Em 31 de agosto de 1973, as lojas estavam cheias de um disco com a capa amarela, com um Mick Jagger dando uma de Katherine Hepburn na capa, e Keith Richards na contracapa, todos com véus diáfanos cobrindo seus rostos. Abrindo a capa, Charlie Watts, Mick Taylor e Bill Wyman também apareciam cobertos com véus. A capa não era essas coisas – mas a ideia original, em que os Stones se transformariam em centauros, seria pior ainda… O LP vinha num envelope com fotos dos músicos que participaram da gravação (mas nem todos), e ainda trazia uma foto de uma sopa de cabeça de bode (literalmente) – aliás, uma lata (vazia) de sopa foi distribuída como item promocional, hoje raríssimo. As rádios receberam o single com “Angie” para promover, o que desagradou a Atlantic Records, que queria um rock no estilo “Brown Sugar”. A recepção da crítica seria morna; o álbum foi considerado muito mais fraco do que os anteriores (também, era covardia; Exile on Main Street e Sticky Fingers, os dois LPs anteriores, são presença garantida nas listas de melhores de todos os tempos). Os Stones, depois de tantos anos no topo, pareciam estar escorregando morro abaixo. E aqui eu abro espaço para uma digressão pessoal: alguns anos atrás eu teria concordado que Goat’s Head Soup marcou o início da decadência da banda, mas hoje não mais. Depois explico por quê.
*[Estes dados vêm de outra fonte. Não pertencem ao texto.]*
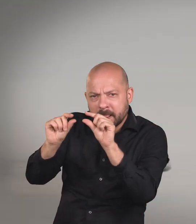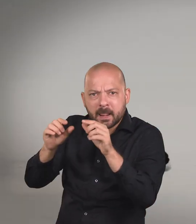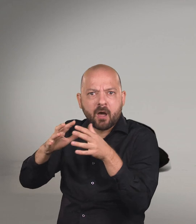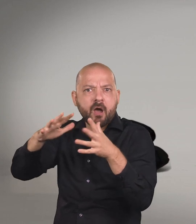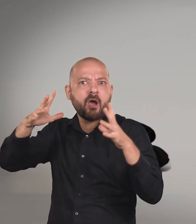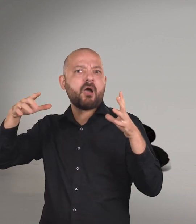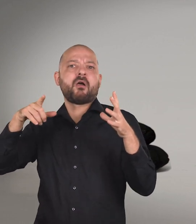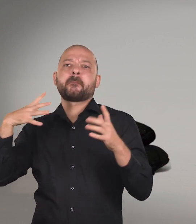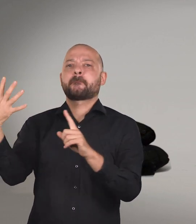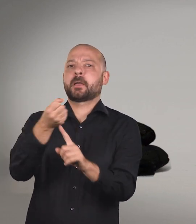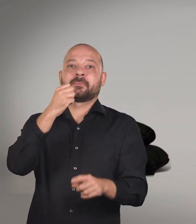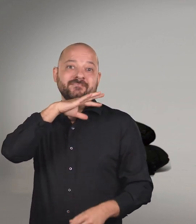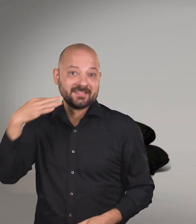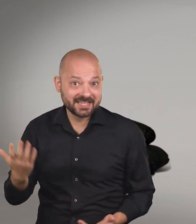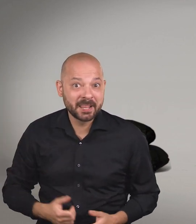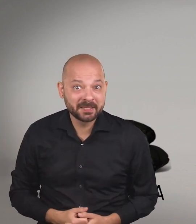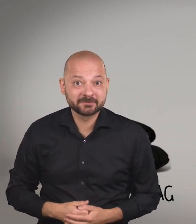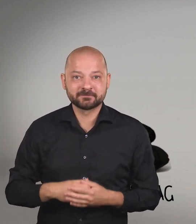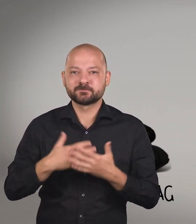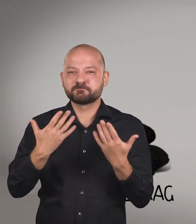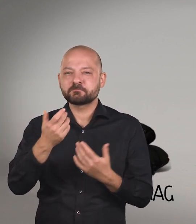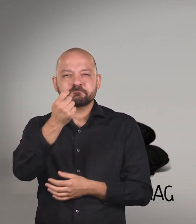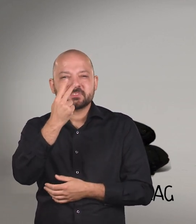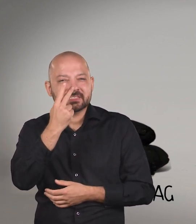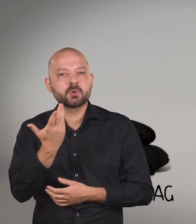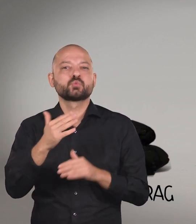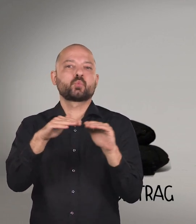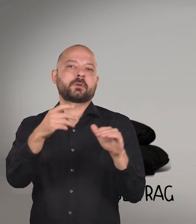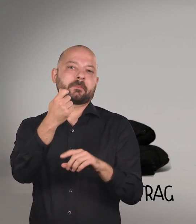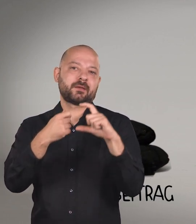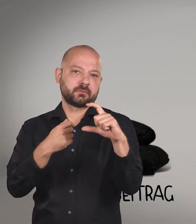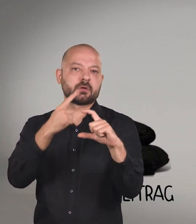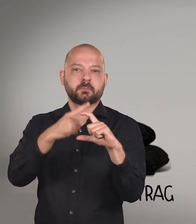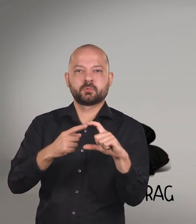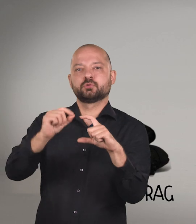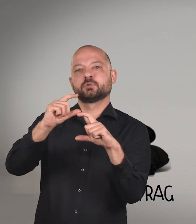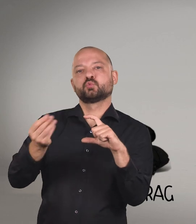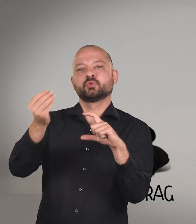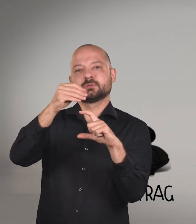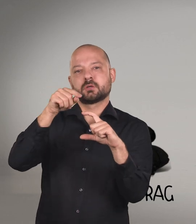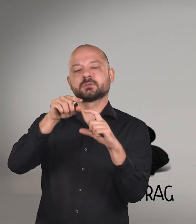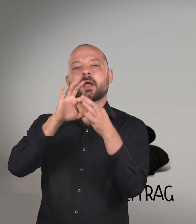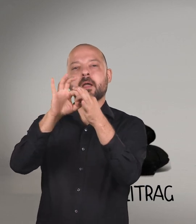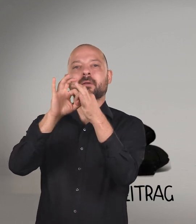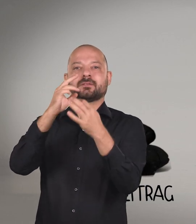Der Beitrag setzt sich zusammen aus einem Grundbeitrag und einem Zusatzbeitrag, der abhängig vom wirtschaftlichen Erfolg des Betriebs variiert.

O álbum começa com a guitarra de Keith Richards tocando o riff de “Dancing with Mr. D”, seguido pelo resto da banda e com Mick Taylor no slide (ouça a versão instrumental na edição Super Deluxe para ver o quanto ele era bom nessa área). A letra sombria (Mr. D seria Mr. Death – ou Mr. Devil) é cantada por Jagger com uma voz diferente da que estamos habituados, e a música segue ganha energia no refrão. Entretanto, na comparação com as faixas de abertura anteriores (pensem em “Brown Sugar” e “Gimme Shelter”, por exemplo), ela sai perdendo – o que provavelmente contribuiu para o relativo insucesso de crítica do álbum. Bill Wyman está fora (a versão final traz Taylor no baixo), e apenas Nicky Hopkins acompanha os Stones nos teclados. Na sequência, “100 Years Ago”, iniciada por Billy Preston no clavinete; mais uma vez Bill Wyman está fora, substituído por Keith, e Taylor toca todas as guitarras – com direito a um solo explosivo no final. Nicky Hopkins e Jimmy Miller contribuem com o piano e o pandeiro, e a música se destaca pela ótima marcação de Charlie Watts na bateria, bem como pelo solo de Taylor. Tocada ao vivo apenas duas vezes em 1973, a música desapareceu dos setlists, o que é uma pena, pois abre espaço para um bom solo de guitarra.

Sopa de cabeça de bode

Keith Richards assume o vocal principal na bela “Coming Down Again”, mostrando o quanto sua voz pequena e nasal funciona numa balada. Mick Jagger se junta na harmonia vocal, criando um belo efeito, e mais uma vez Mick Taylor toca baixo – as guitarras são todas de Keith, e Bill Wyman teria tocado sintetizador (mas ganha um prêmio quem o identificar). Nicky Hopkins se destaca no piano, e Jim Horn e Bobby Keyes respondem pelos metais – o solo de Bobby no sax é extremamente lírico. Richards uma vez declarou que a música é um pouco fúnebre, e que se não fosse o vício em heroína, não a teria composto – mas se recusou a dizer se a letra trata da droga ou de sua complicada relação com Anita Pallenberg, nessa época marcada pela infidelidade de ambos.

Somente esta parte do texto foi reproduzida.